Instinctively, I say “Yes”.

“Would it be convenient for you to come and meet us tomorrow?” he asks me.

I don’t want to get my hopes too high. I don’t want to believe that I can be lucky enough to make an honest living. Even in my mind, I think like a whore. I am sure there is no God, but if there is a God, this is his revenge.

“Yes, it will be,” I say.

I note down the details of our appointment on a piece of paper and bid him goodbye. I still can’t believe that he had called. It’s been nearly two-and-a-half years of trying. The two- and-a-half years that have made me lose everything.

The  next  morning,  I  cancel  an  appointment  and  go  to meet Saurav Dutta at the address that he had given me. He interviews me for the position of a Vice President. He says it is positive and that he will arrange another meeting with the Chief Operating Officer in the next few days.

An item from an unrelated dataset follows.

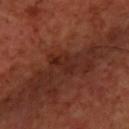This lesion was catalogued during total-body skin photography and was not selected for biopsy.
Approximately 3.5 mm at its widest.
From the upper back.
A male patient aged around 70.
A lesion tile, about 15 mm wide, cut from a 3D total-body photograph.

I continue to wait for him to call again. Ratna, Divya, Shazia and Jaya continue to fill my days. Bhatoliya’s become quite an entrepreneur and I continue to be lonely.

I often think that it must be my sins that have caught up with me. I still drink as often as I used to back then but I don’t pass out. I am wiser. Even then, my slate refuses to be wiped clean.

It’s on one of those days that Saurav calls me again. The COO is a busy man but has found the time to meet me. I meet him wearing the same suit that I had worn when I met Divya.

I am superstitious. I think it is lucky if I wear it. Maybe, I am not so wrong. The COO thinks I am perfect. I wish I can tell him the truth.

I step out of his office in Connaught Place and I can’t help sneezing. It is spring and the pollen always gives me an allergy. Even then, I like this season because it awakens the optimist in me. I know that the flowers will bloom, even though they don’t smell the same as they used to.

Three days later, I get a letter in the mail. It’s an offer letter to join the bank. The recession is finally over.